» **PROMPT**
Pick out every line in the data below that holds "evenodd".

» **INFORMATION SUPPLIED**
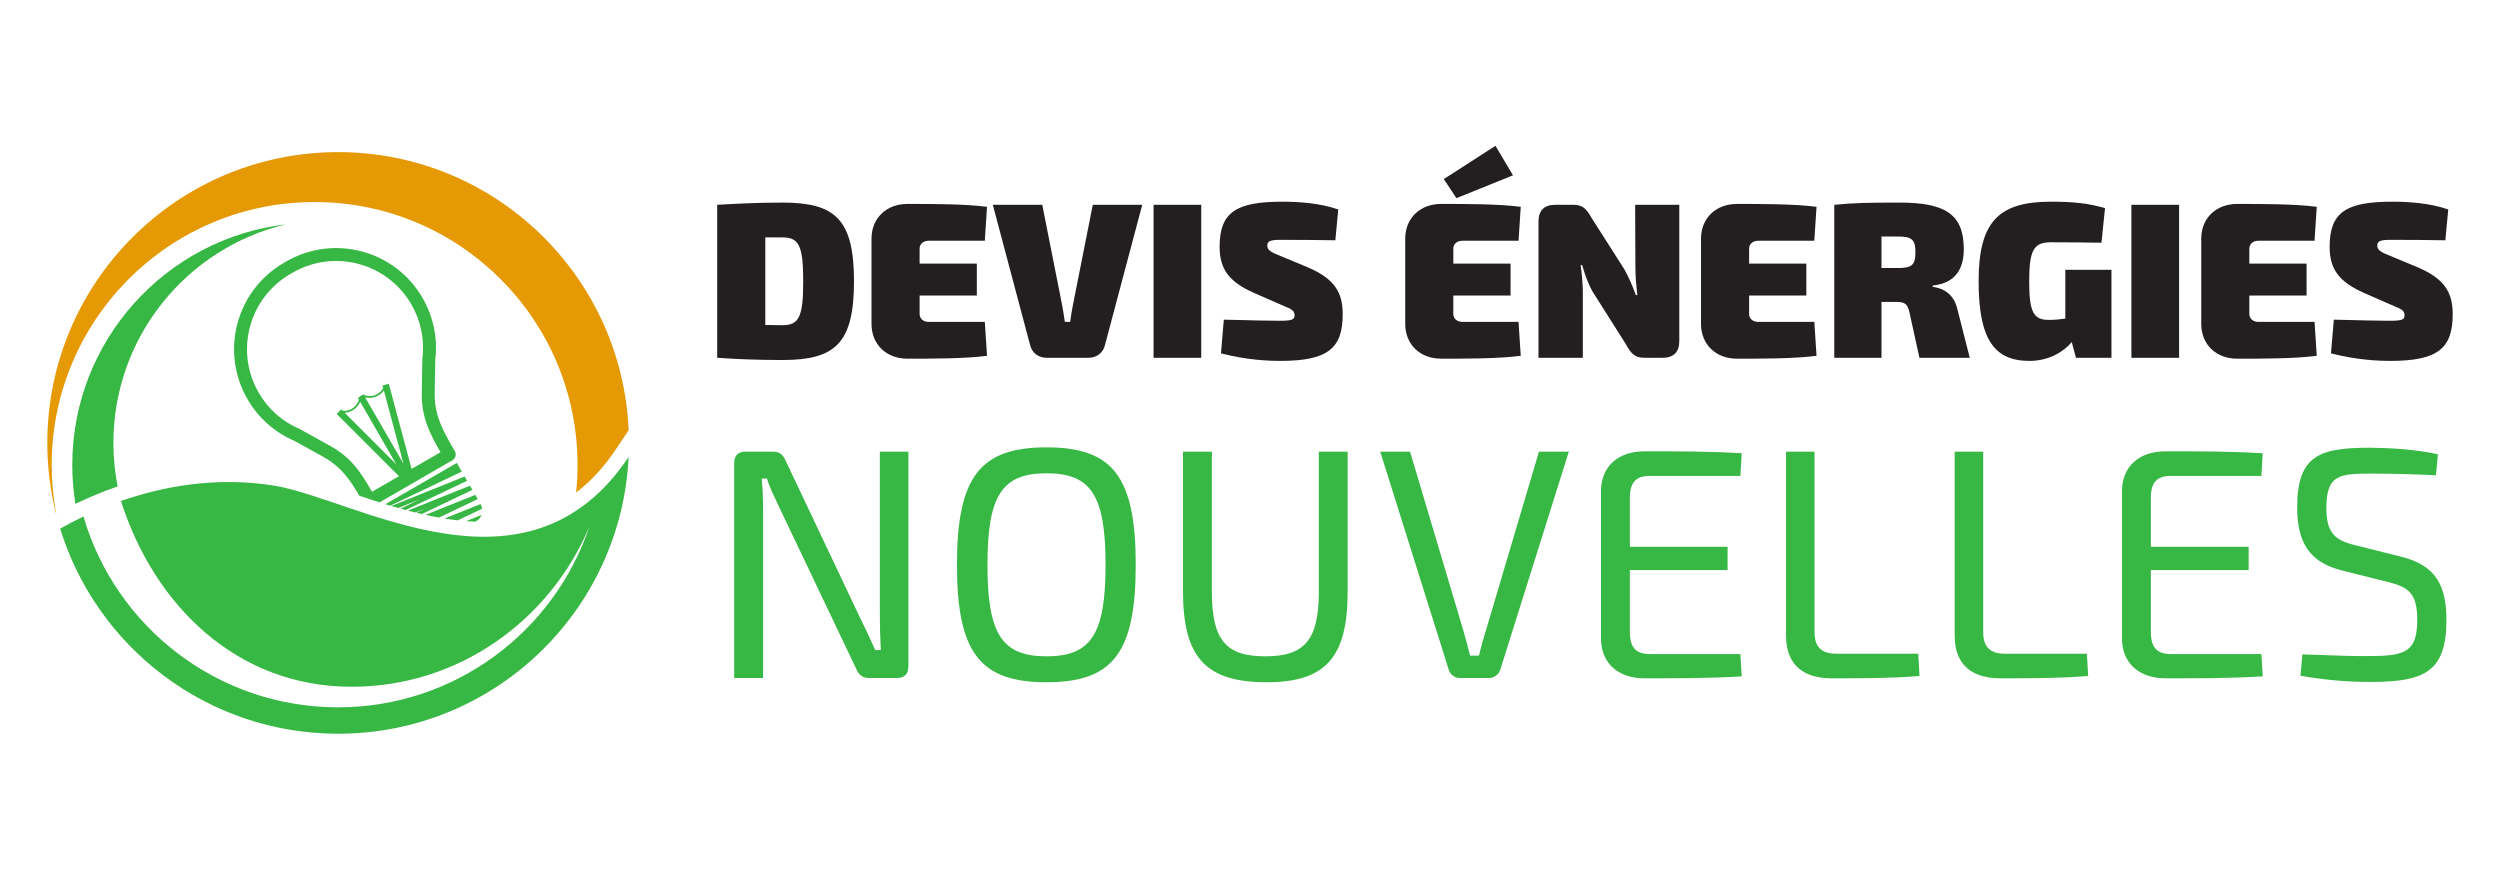 <?xml version="1.0" encoding="utf-8"?>
<!-- Generator: Adobe Illustrator 16.0.0, SVG Export Plug-In . SVG Version: 6.00 Build 0)  -->
<!DOCTYPE svg PUBLIC "-//W3C//DTD SVG 1.1//EN" "http://www.w3.org/Graphics/SVG/1.1/DTD/svg11.dtd">
<svg version="1.1" id="Calque_1" xmlns="http://www.w3.org/2000/svg" xmlns:xlink="http://www.w3.org/1999/xlink" x="0px" y="0px"
	 width="184.75px" height="65px" viewBox="0 0 184.75 65" enable-background="new 0 0 184.75 65" xml:space="preserve">
<g>
	<g>
		<path fill-rule="evenodd" clip-rule="evenodd" fill="#37B743" d="M21.133,16.577c-7.312,1.738-12.752,8.313-12.752,16.156
			c0,1.099,0.108,2.173,0.312,3.213c-1.066,0.367-2.11,0.799-3.121,1.289c-0.15-0.937-0.231-1.896-0.231-2.875
			C5.341,25.188,12.242,17.626,21.133,16.577z"/>
		<path fill-rule="evenodd" clip-rule="evenodd" fill="#E59A05" d="M24.988,11.241c11.553,0,20.979,9.122,21.47,20.555l-0.915,1.367
			c-0.904,1.353-1.894,2.422-2.968,3.238c0.07-0.672,0.105-1.352,0.105-2.041c0-10.728-8.701-19.429-19.429-19.429
			c-10.729,0-19.43,8.701-19.43,19.429c0,1.235,0.117,2.44,0.336,3.611L4.144,37.98c-0.422-1.681-0.647-3.438-0.647-5.247
			C3.497,20.865,13.121,11.241,24.988,11.241z"/>
		<path fill-rule="evenodd" clip-rule="evenodd" fill="#37B743" d="M46.455,33.771c-0.542,11.387-9.947,20.452-21.466,20.452
			c-9.663,0-17.838-6.378-20.542-15.155c0.473-0.271,1.051-0.58,1.72-0.9c2.375,8.148,9.899,14.103,18.812,14.103
			c8.645,0,15.983-5.602,18.584-13.373c-2.93,6.972-9.696,11.854-17.575,11.854c-8.429,0-14.56-5.949-17.051-13.726
			c3.021-1.056,6.959-1.831,11.276-1.146C26.31,36.852,38.908,45.052,46.455,33.771z"/>
		<path fill-rule="evenodd" clip-rule="evenodd" fill="#37B743" d="M21.152,19.322c-0.028,0.016-0.054,0.032-0.082,0.048
			s-0.055,0.03-0.083,0.047c-3.528,2.037-4.737,6.55-2.7,10.079c0.831,1.439,2.075,2.493,3.497,3.097l2.154,1.196
			c1.278,0.71,1.955,1.714,2.62,2.849c0.496,0.166,0.993,0.329,1.491,0.487l5.378-3.107c0.238-0.137,0.32-0.442,0.184-0.68
			c-0.79-1.366-1.516-2.573-1.487-4.273l0.041-2.465c0.187-1.532-0.103-3.138-0.935-4.577C29.194,18.494,24.68,17.284,21.152,19.322
			L21.152,19.322z M26.453,29.406l0.072,0.126c-0.056,0.227-0.201,0.446-0.421,0.608c-0.243,0.178-0.527,0.247-0.779,0.212
			l-0.104-0.104l-0.34,0.34l4.604,4.603l-1.993,1.15c-0.829-1.436-1.512-2.512-3.09-3.388l-2.198-1.22l-0.046-0.021
			c-1.285-0.546-2.345-1.486-3.043-2.695c-1.774-3.071-0.721-7.001,2.351-8.774c0.024-0.015,0.049-0.027,0.073-0.041l0.009-0.006
			l0.009-0.005c0.024-0.014,0.047-0.028,0.073-0.043c3.071-1.773,7-0.721,8.773,2.351c0.698,1.21,0.983,2.598,0.814,3.983
			l-0.007,0.051l-0.042,2.513c-0.029,1.734,0.55,2.927,1.386,4.374l-2.137,1.233l-1.685-6.29l-0.464,0.125l0.051,0.192
			c-0.105,0.203-0.292,0.383-0.538,0.49c-0.322,0.142-0.665,0.125-0.92-0.015l-0.165,0.072l0.001,0.035l0.027-0.016l-0.028-0.02
			l-0.145,0.107v0.013L26.453,29.406L26.453,29.406z M26.982,29.361c0.26,0.074,0.564,0.058,0.852-0.07
			c0.225-0.099,0.408-0.25,0.535-0.426l1.449,5.405L26.982,29.361L26.982,29.361z M25.473,30.5c0.238-0.009,0.488-0.093,0.708-0.255
			c0.205-0.15,0.353-0.345,0.437-0.552l2.667,4.621L25.473,30.5L25.473,30.5z M33.76,34.21l0.369,0.639l-5.286,2.52
			c-0.121-0.036-0.241-0.073-0.361-0.108L33.76,34.21L33.76,34.21z M29.438,37.541c-0.174-0.049-0.346-0.1-0.52-0.15l5.42-2.176
			l0.182,0.313l-4.542,2.163c-0.125-0.033-0.252-0.068-0.377-0.103l1.481-0.707L29.438,37.541L29.438,37.541z M30.69,37.874
			c-0.183-0.045-0.365-0.091-0.547-0.14l4.588-1.842l0.18,0.313l-3.741,1.782c-0.132-0.03-0.265-0.061-0.398-0.093l0.703-0.336
			L30.69,37.874L30.69,37.874z M35.113,38.554l0.129-0.074c0.164-0.096,0.28-0.246,0.343-0.422l-1.138,0.456
			C34.67,38.533,34.893,38.545,35.113,38.554L35.113,38.554z M33.824,38.454l1.802-0.858c-0.017-0.118-0.054-0.234-0.112-0.346
			l-2.664,1.069C33.179,38.372,33.504,38.416,33.824,38.454L33.824,38.454z M32.438,38.25l-0.2-0.038
			c-0.267-0.05-0.533-0.104-0.798-0.161l3.683-1.479l0.18,0.312L32.438,38.25z"/>
	</g>
	<g>
		<g>
			<path fill="#231F20" d="M63.11,20.788c0,4.588-1.393,5.817-5.276,5.817c-1.884,0-3.408-0.065-4.833-0.164V15.135
				c1.442-0.082,2.9-0.164,4.833-0.164C61.717,14.971,63.11,16.2,63.11,20.788z M57.833,24.032c1.213,0,1.524-0.622,1.524-3.244
				c0-2.621-0.311-3.243-1.524-3.243h-1.278v6.472L57.833,24.032z"/>
			<path fill="#231F20" d="M72.941,26.294c-1.638,0.213-3.933,0.213-5.883,0.213c-1.556,0-2.654-1.049-2.654-2.572v-6.293
				c0-1.523,1.098-2.571,2.654-2.571c1.95,0,4.245,0,5.883,0.213l-0.164,2.507h-4.146c-0.41,0-0.672,0.245-0.672,0.59v1.099h4.228
				v2.358H67.96v1.359c0,0.345,0.262,0.591,0.672,0.591h4.146L72.941,26.294z"/>
			<path fill="#231F20" d="M81.659,25.491c-0.13,0.574-0.606,0.95-1.212,0.95h-3.113c-0.607,0-1.082-0.376-1.212-0.95l-2.753-10.356
				h3.654l1.458,7.357c0.082,0.41,0.147,0.885,0.212,1.295h0.394c0.049-0.41,0.13-0.885,0.212-1.295l1.458-7.357h3.655
				L81.659,25.491z"/>
			<path fill="#231F20" d="M85.248,26.441V15.135h3.523v11.307H85.248z"/>
			<path fill="#231F20" d="M98.896,15.479l-0.213,2.277c-0.982-0.016-2.57-0.032-3.98-0.032c-0.82,0-1.049,0.081-1.049,0.426
				c0,0.312,0.213,0.475,0.982,0.77l2.049,0.853c1.885,0.819,2.541,1.786,2.541,3.44c0,2.541-1.1,3.458-4.623,3.458
				c-0.77,0-2.408-0.049-4.373-0.558l0.211-2.49c1.951,0.05,3.508,0.082,4.113,0.082c0.902,0,1.115-0.082,1.115-0.394
				c0-0.311-0.164-0.458-0.77-0.688l-2.244-0.983c-1.836-0.819-2.525-1.753-2.525-3.408c0-2.572,1.246-3.327,4.654-3.327
				C95.965,14.905,97.537,15.004,98.896,15.479z"/>
			<path fill="#231F20" d="M112.383,26.294c-1.639,0.213-3.934,0.213-5.883,0.213c-1.557,0-2.654-1.049-2.654-2.572v-6.293
				c0-1.523,1.098-2.571,2.654-2.571c1.949,0,4.244,0,5.883,0.213l-0.162,2.507h-4.146c-0.41,0-0.674,0.245-0.674,0.59v1.099h4.229
				v2.358H107.4v1.359c0,0.345,0.264,0.591,0.674,0.591h4.146L112.383,26.294z M106.697,13.234l3.818-2.458l1.295,2.18l-4.18,1.688
				L106.697,13.234z"/>
			<path fill="#231F20" d="M124.1,25.212c0,0.805-0.426,1.229-1.229,1.229h-1.361c-0.736,0-1-0.359-1.375-1.032l-2.459-3.884
				c-0.311-0.557-0.557-1.244-0.754-1.933h-0.115c0.1,0.688,0.164,1.409,0.164,2.065v4.783h-3.277V16.364
				c0-0.803,0.426-1.229,1.229-1.229h1.361c0.736,0,0.982,0.361,1.375,1.033l2.361,3.703c0.311,0.541,0.607,1.213,0.867,1.934h0.115
				c-0.082-0.688-0.146-1.36-0.146-2.049l-0.018-4.621h3.262V25.212z"/>
			<path fill="#231F20" d="M134.242,26.294c-1.639,0.213-3.934,0.213-5.883,0.213c-1.557,0-2.654-1.049-2.654-2.572v-6.293
				c0-1.523,1.098-2.571,2.654-2.571c1.949,0,4.244,0,5.883,0.213l-0.164,2.507h-4.146c-0.41,0-0.672,0.245-0.672,0.59v1.099h4.229
				v2.358h-4.229v1.359c0,0.345,0.262,0.591,0.672,0.591h4.146L134.242,26.294z"/>
			<path fill="#231F20" d="M141.846,26.441l-0.738-3.358c-0.131-0.622-0.359-0.771-0.967-0.771h-1.098v4.13h-3.49V15.135
				c1.508-0.147,2.541-0.164,4.801-0.164c3.328,0,4.77,0.804,4.77,3.442c0,1.359-0.541,2.507-2.295,2.687v0.099
				c0.623,0.082,1.574,0.393,1.852,1.77l0.885,3.474H141.846z M140.271,19.807c1.016,0,1.279-0.23,1.279-1.164
				s-0.264-1.164-1.279-1.164h-1.229v2.328H140.271z"/>
			<path fill="#231F20" d="M156.037,26.441h-2.623l-0.311-1.163c-0.525,0.64-1.607,1.393-3.131,1.393
				c-2.605,0-3.752-1.606-3.752-5.883c0-4.342,1.426-5.883,5.324-5.883c1.803,0,2.82,0.132,4.016,0.476l-0.262,2.557
				c-1.246-0.017-2.213-0.033-3.736-0.033c-1.262,0-1.605,0.558-1.605,2.884c0,2.295,0.328,2.852,1.441,2.852
				c0.475,0,0.9-0.049,1.229-0.099v-3.604h3.41V26.441z"/>
			<path fill="#231F20" d="M157.51,26.441V15.135h3.525v11.307H157.51z"/>
			<path fill="#231F20" d="M171.209,26.294c-1.639,0.213-3.934,0.213-5.883,0.213c-1.557,0-2.654-1.049-2.654-2.572v-6.293
				c0-1.523,1.098-2.571,2.654-2.571c1.949,0,4.244,0,5.883,0.213l-0.164,2.507H166.9c-0.41,0-0.674,0.245-0.674,0.59v1.099h4.229
				v2.358h-4.229v1.359c0,0.345,0.264,0.591,0.674,0.591h4.145L171.209,26.294z"/>
			<path fill="#231F20" d="M180.926,15.479l-0.213,2.277c-0.984-0.016-2.572-0.032-3.982-0.032c-0.818,0-1.049,0.081-1.049,0.426
				c0,0.312,0.215,0.475,0.984,0.77l2.047,0.853c1.885,0.819,2.541,1.786,2.541,3.44c0,2.541-1.098,3.458-4.621,3.458
				c-0.77,0-2.41-0.049-4.375-0.558l0.213-2.49c1.949,0.05,3.508,0.082,4.113,0.082c0.9,0,1.113-0.082,1.113-0.394
				c0-0.311-0.164-0.458-0.77-0.688l-2.244-0.983c-1.836-0.819-2.523-1.753-2.523-3.408c0-2.572,1.244-3.327,4.652-3.327
				C177.994,14.905,179.566,15.004,180.926,15.479z"/>
		</g>
		<g>
			<path fill="#37B743" d="M67.128,49.255c0,0.557-0.291,0.848-0.824,0.848h-2.085c-0.484,0-0.751-0.218-0.945-0.679l-5.648-11.853
				c-0.292-0.632-0.752-1.528-0.946-2.207h-0.387c0.072,0.727,0.097,1.479,0.097,2.207v12.531h-2.133V34.226
				c0-0.559,0.291-0.85,0.848-0.85h2.012c0.485,0,0.751,0.218,0.946,0.679l5.478,11.563c0.339,0.679,0.776,1.6,1.14,2.424h0.412
				c-0.048-0.872-0.072-1.697-0.072-2.545V33.376h2.109V49.255z"/>
			<path fill="#37B743" d="M83.931,41.74c0,6.544-1.722,8.678-6.594,8.678c-4.873,0-6.618-2.134-6.618-8.678
				c0-6.546,1.745-8.68,6.618-8.68C82.209,33.061,83.931,35.194,83.931,41.74z M72.974,41.74c0,5.114,1.066,6.763,4.363,6.763
				c3.297,0,4.364-1.648,4.364-6.763c0-5.116-1.066-6.764-4.364-6.764C74.04,34.977,72.974,36.624,72.974,41.74z"/>
			<path fill="#37B743" d="M99.592,43.703c0,4.848-1.598,6.715-5.986,6.715c-4.533,0-6.182-1.867-6.182-6.715V33.376h2.133v10.327
				c0,3.589,1.02,4.8,3.953,4.8c2.908,0,3.951-1.211,3.951-4.8V33.376h2.131V43.703z"/>
			<path fill="#37B743" d="M110.869,49.497c-0.121,0.339-0.438,0.605-0.824,0.605h-2.158c-0.412,0-0.727-0.267-0.824-0.605
				l-5.066-16.121h2.205l3.951,13.261c0.172,0.606,0.34,1.212,0.486,1.817h0.654c0.145-0.605,0.316-1.236,0.51-1.842l3.926-13.236
				h2.207L110.869,49.497z"/>
			<path fill="#37B743" d="M128.713,49.982c-2.23,0.146-4.775,0.146-7.176,0.146c-1.965,0-3.201-1.116-3.225-2.91V36.261
				c0.023-1.793,1.26-2.909,3.225-2.909c2.4,0,4.945,0,7.176,0.146l-0.098,1.672H121.9c-0.994,0-1.453,0.484-1.453,1.601v3.636
				h7.223v1.722h-7.223v4.581c0,1.14,0.459,1.624,1.453,1.624h6.715L128.713,49.982z"/>
			<path fill="#37B743" d="M134.096,46.709c0,1.114,0.51,1.601,1.625,1.601h6.037l0.096,1.647c-2.107,0.171-4.314,0.171-6.473,0.171
				c-2.471,0-3.393-1.334-3.393-3.152v-13.6h2.107V46.709z"/>
			<path fill="#37B743" d="M146.559,46.709c0,1.114,0.51,1.601,1.625,1.601h6.037l0.096,1.647c-2.107,0.171-4.314,0.171-6.473,0.171
				c-2.473,0-3.393-1.334-3.393-3.152v-13.6h2.107V46.709z"/>
			<path fill="#37B743" d="M167.215,49.982c-2.23,0.146-4.775,0.146-7.174,0.146c-1.965,0-3.201-1.116-3.227-2.91V36.261
				c0.025-1.793,1.262-2.909,3.227-2.909c2.398,0,4.943,0,7.174,0.146l-0.096,1.672h-6.715c-0.996,0-1.455,0.484-1.455,1.601v3.636
				h7.225v1.722h-7.225v4.581c0,1.14,0.459,1.624,1.455,1.624h6.715L167.215,49.982z"/>
			<path fill="#37B743" d="M180.162,33.569l-0.145,1.553C178.611,35.049,176.84,35,175.289,35c-2.424,0-3.369,0.073-3.369,2.546
				c0,1.842,0.629,2.376,2.109,2.739l3.393,0.849c2.57,0.63,3.369,2.108,3.369,4.702c0,3.854-1.695,4.559-5.6,4.559
				c-1.092,0-2.908-0.049-5.188-0.461l0.145-1.576c2.838,0.097,3.734,0.146,5.117,0.121c2.57,0,3.369-0.389,3.369-2.691
				c0-1.938-0.654-2.399-2.109-2.763l-3.467-0.872c-2.424-0.606-3.297-2.11-3.297-4.654c0-3.904,1.697-4.412,5.43-4.412
				C176.768,33.109,178.49,33.206,180.162,33.569z"/>
		</g>
	</g>
</g>
</svg>

» **RESULT OF THE EXERCISE**
		<path fill-rule="evenodd" clip-rule="evenodd" fill="#37B743" d="M21.133,16.577c-7.312,1.738-12.752,8.313-12.752,16.156
		<path fill-rule="evenodd" clip-rule="evenodd" fill="#E59A05" d="M24.988,11.241c11.553,0,20.979,9.122,21.47,20.555l-0.915,1.367
		<path fill-rule="evenodd" clip-rule="evenodd" fill="#37B743" d="M46.455,33.771c-0.542,11.387-9.947,20.452-21.466,20.452
		<path fill-rule="evenodd" clip-rule="evenodd" fill="#37B743" d="M21.152,19.322c-0.028,0.016-0.054,0.032-0.082,0.048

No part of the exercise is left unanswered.